___ Records shown ___
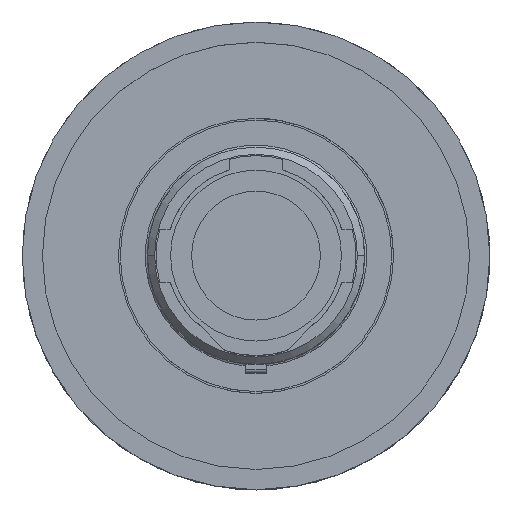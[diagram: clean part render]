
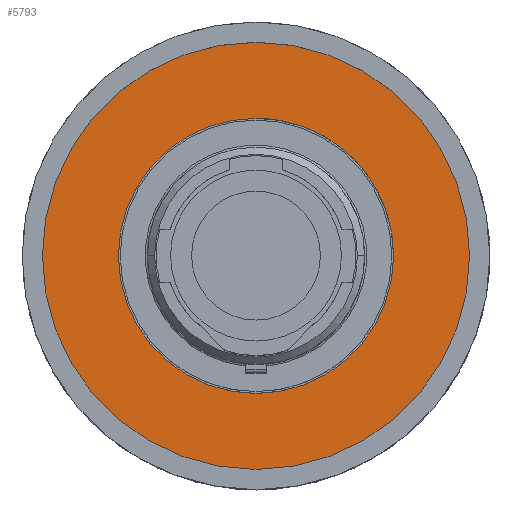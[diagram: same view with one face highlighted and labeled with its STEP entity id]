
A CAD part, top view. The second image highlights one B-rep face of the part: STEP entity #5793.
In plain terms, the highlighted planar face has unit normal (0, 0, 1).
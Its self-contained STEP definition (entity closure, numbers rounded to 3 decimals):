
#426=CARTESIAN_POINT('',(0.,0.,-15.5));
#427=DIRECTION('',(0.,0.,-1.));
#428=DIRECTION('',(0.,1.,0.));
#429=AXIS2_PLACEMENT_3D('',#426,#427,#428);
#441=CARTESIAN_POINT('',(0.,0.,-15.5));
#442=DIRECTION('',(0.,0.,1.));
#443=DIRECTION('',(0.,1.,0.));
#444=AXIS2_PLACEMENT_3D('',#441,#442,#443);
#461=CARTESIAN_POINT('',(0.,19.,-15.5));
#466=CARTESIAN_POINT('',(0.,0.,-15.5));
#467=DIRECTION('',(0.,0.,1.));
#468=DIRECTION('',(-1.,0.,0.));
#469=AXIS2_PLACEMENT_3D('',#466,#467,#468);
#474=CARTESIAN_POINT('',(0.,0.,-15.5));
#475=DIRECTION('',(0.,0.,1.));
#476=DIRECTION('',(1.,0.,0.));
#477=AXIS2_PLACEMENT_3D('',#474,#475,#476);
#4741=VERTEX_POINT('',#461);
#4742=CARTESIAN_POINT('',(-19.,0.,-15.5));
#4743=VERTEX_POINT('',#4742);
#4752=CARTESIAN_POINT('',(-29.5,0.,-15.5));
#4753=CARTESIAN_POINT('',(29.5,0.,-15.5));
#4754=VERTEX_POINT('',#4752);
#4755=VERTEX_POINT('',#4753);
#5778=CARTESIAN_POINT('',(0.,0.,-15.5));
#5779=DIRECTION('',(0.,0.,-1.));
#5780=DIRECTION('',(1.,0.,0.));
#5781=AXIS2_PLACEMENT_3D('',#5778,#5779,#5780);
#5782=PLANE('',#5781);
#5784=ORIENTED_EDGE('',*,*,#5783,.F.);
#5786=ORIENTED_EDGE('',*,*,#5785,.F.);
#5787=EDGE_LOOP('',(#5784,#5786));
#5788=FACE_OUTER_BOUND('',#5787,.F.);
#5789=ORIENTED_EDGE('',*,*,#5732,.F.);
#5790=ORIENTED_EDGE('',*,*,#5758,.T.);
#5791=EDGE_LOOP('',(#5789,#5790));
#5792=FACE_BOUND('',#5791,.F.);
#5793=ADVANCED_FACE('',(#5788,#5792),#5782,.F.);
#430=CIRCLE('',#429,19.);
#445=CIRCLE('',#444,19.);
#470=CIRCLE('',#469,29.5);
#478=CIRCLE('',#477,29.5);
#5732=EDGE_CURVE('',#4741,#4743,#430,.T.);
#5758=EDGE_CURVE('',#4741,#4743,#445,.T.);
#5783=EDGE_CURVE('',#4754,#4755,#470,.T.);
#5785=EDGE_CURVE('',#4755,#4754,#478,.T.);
___
___ Records shown ___
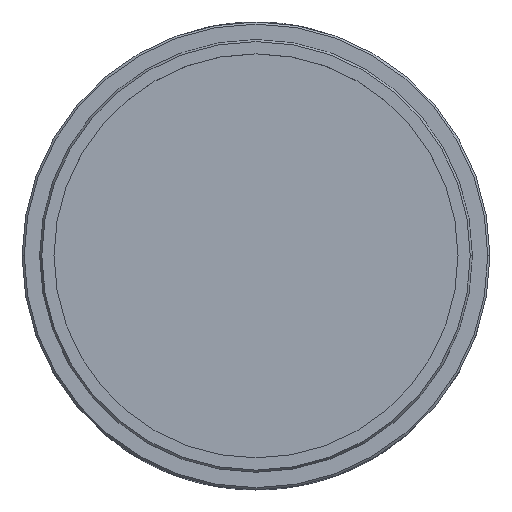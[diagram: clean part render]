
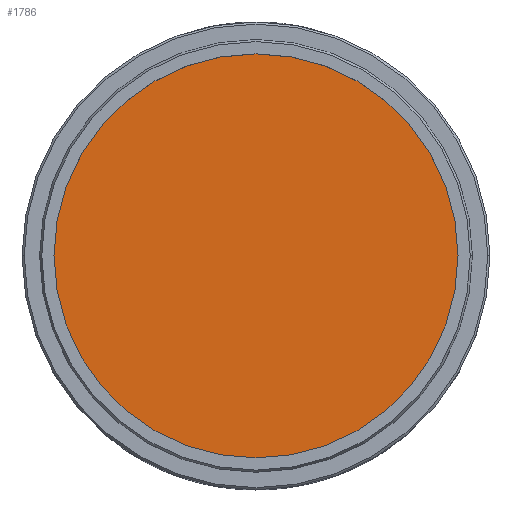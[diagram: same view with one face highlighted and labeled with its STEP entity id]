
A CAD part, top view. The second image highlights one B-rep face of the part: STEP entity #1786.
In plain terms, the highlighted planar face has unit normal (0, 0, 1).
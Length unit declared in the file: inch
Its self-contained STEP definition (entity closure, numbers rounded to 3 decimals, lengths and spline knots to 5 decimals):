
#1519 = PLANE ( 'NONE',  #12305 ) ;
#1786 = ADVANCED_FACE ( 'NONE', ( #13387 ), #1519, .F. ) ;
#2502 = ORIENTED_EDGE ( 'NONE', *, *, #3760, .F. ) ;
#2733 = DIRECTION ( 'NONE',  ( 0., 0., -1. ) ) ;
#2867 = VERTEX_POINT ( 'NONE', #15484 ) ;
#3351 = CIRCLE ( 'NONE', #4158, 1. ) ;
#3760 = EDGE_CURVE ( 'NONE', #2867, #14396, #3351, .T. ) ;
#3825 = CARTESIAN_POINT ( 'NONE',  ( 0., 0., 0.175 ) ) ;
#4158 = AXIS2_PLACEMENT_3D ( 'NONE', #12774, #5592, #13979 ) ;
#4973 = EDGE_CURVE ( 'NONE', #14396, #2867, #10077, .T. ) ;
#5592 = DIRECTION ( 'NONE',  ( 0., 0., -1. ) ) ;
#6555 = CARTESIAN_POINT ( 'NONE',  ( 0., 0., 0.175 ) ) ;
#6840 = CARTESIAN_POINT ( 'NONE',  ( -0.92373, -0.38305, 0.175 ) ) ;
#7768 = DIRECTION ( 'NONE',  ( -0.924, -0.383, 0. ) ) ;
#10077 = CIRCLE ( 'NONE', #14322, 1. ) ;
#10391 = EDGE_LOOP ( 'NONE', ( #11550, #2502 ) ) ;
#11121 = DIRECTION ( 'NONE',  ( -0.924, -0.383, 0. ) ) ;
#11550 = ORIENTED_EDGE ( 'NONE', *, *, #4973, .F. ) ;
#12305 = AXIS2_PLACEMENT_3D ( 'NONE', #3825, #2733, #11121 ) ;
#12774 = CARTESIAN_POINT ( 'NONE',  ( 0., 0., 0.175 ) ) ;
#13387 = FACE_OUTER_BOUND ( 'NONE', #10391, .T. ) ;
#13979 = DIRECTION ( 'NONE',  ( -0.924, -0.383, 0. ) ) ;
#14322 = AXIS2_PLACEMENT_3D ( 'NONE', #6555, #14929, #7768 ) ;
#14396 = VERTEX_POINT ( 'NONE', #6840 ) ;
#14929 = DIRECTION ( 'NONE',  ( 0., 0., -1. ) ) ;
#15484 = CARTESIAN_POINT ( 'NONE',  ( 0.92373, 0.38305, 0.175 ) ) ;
___
Copy only this part of the entries above: the line with "#5786=ORIENTED_EDGE('',*,*,#5785,.F.);", the line with "#5785=EDGE_CURVE('',#4755,#4754,#478,.T.);", and the lines between, all exactly as written.

#5786=ORIENTED_EDGE('',*,*,#5785,.F.);
#5787=EDGE_LOOP('',(#5784,#5786));
#5788=FACE_OUTER_BOUND('',#5787,.F.);
#5789=ORIENTED_EDGE('',*,*,#5732,.F.);
#5790=ORIENTED_EDGE('',*,*,#5758,.T.);
#5791=EDGE_LOOP('',(#5789,#5790));
#5792=FACE_BOUND('',#5791,.F.);
#5793=ADVANCED_FACE('',(#5788,#5792),#5782,.F.);
#430=CIRCLE('',#429,19.);
#445=CIRCLE('',#444,19.);
#470=CIRCLE('',#469,29.5);
#478=CIRCLE('',#477,29.5);
#5732=EDGE_CURVE('',#4741,#4743,#430,.T.);
#5758=EDGE_CURVE('',#4741,#4743,#445,.T.);
#5783=EDGE_CURVE('',#4754,#4755,#470,.T.);
#5785=EDGE_CURVE('',#4755,#4754,#478,.T.);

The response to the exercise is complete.